Entries provided =
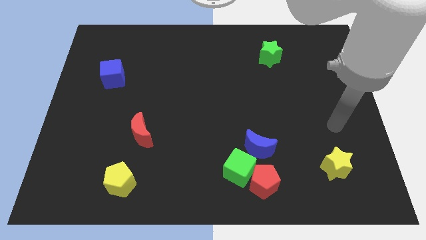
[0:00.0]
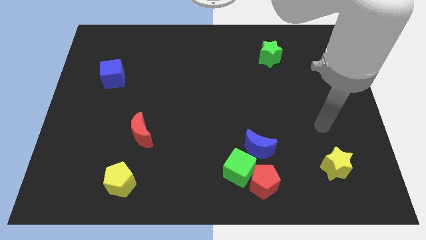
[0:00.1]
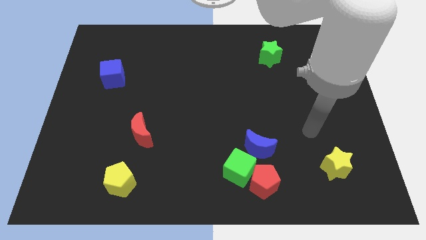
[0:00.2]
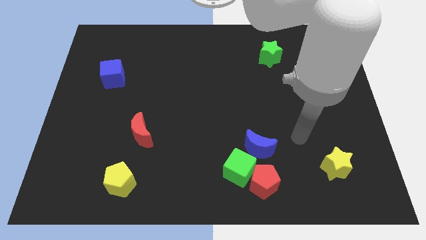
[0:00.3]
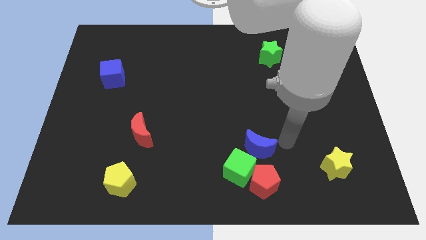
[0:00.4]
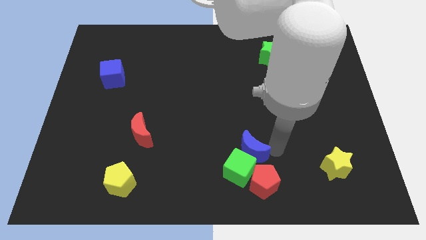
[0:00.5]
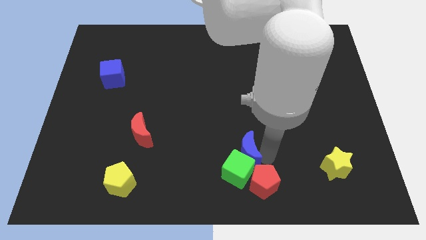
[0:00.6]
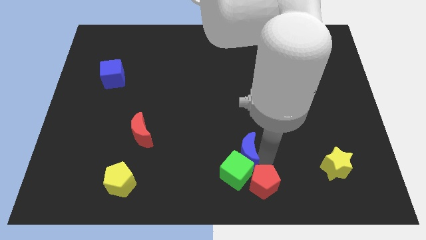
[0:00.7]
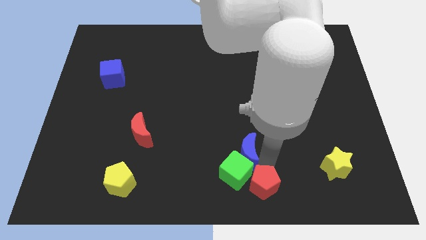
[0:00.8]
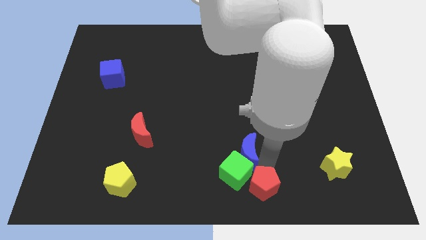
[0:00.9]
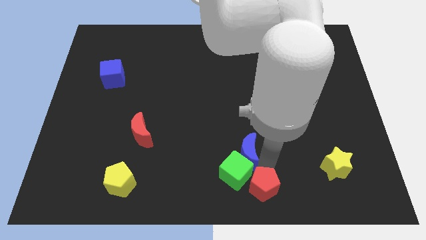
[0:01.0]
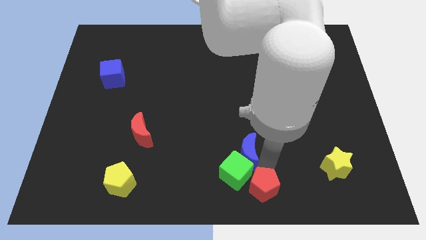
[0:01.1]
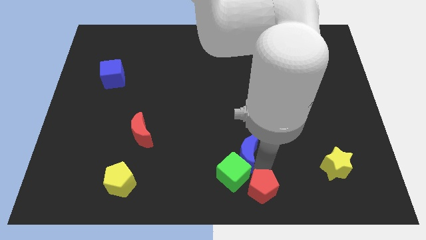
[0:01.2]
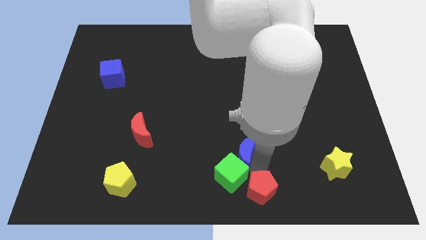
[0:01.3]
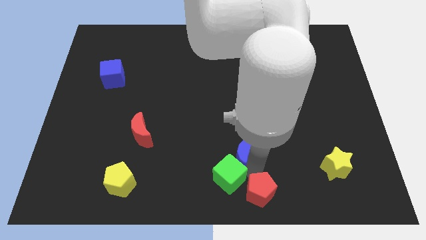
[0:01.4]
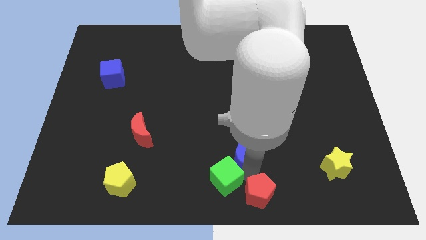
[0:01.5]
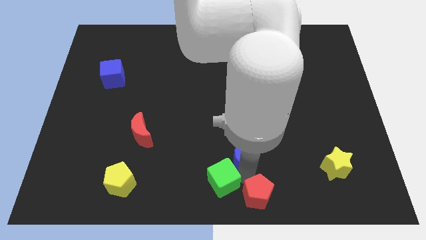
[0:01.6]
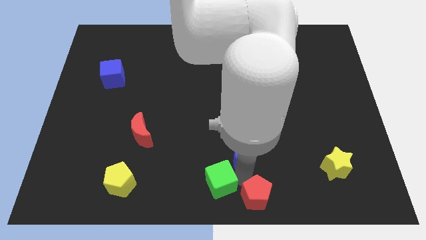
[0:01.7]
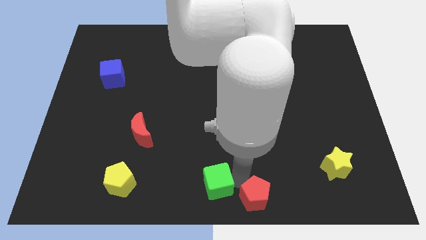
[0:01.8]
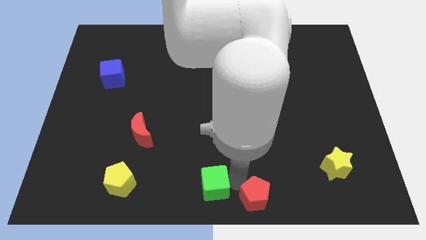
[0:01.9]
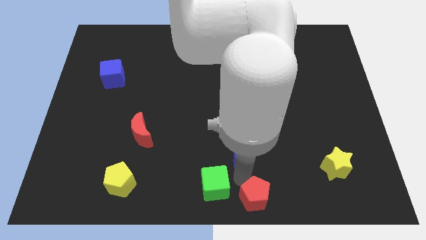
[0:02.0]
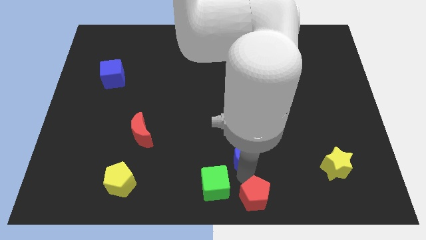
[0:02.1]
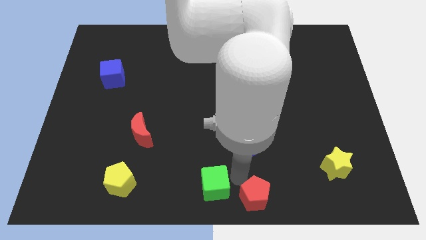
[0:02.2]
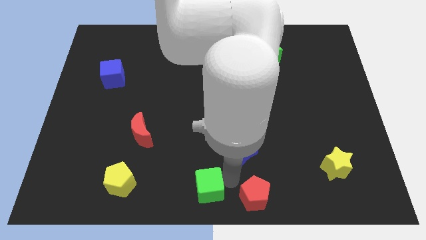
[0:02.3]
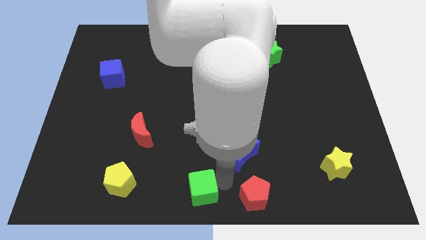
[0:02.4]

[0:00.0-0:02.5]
separate the green cube from the red pentagon and blue moon

Work instruction = Return the listing above verbatim and exclude every picture.

Task response =
[0:00.0]
[0:00.1]
[0:00.2]
[0:00.3]
[0:00.4]
[0:00.5]
[0:00.6]
[0:00.7]
[0:00.8]
[0:00.9]
[0:01.0]
[0:01.1]
[0:01.2]
[0:01.3]
[0:01.4]
[0:01.5]
[0:01.6]
[0:01.7]
[0:01.8]
[0:01.9]
[0:02.0]
[0:02.1]
[0:02.2]
[0:02.3]
[0:02.4]

[0:00.0-0:02.5]
separate the green cube from the red pentagon and blue moon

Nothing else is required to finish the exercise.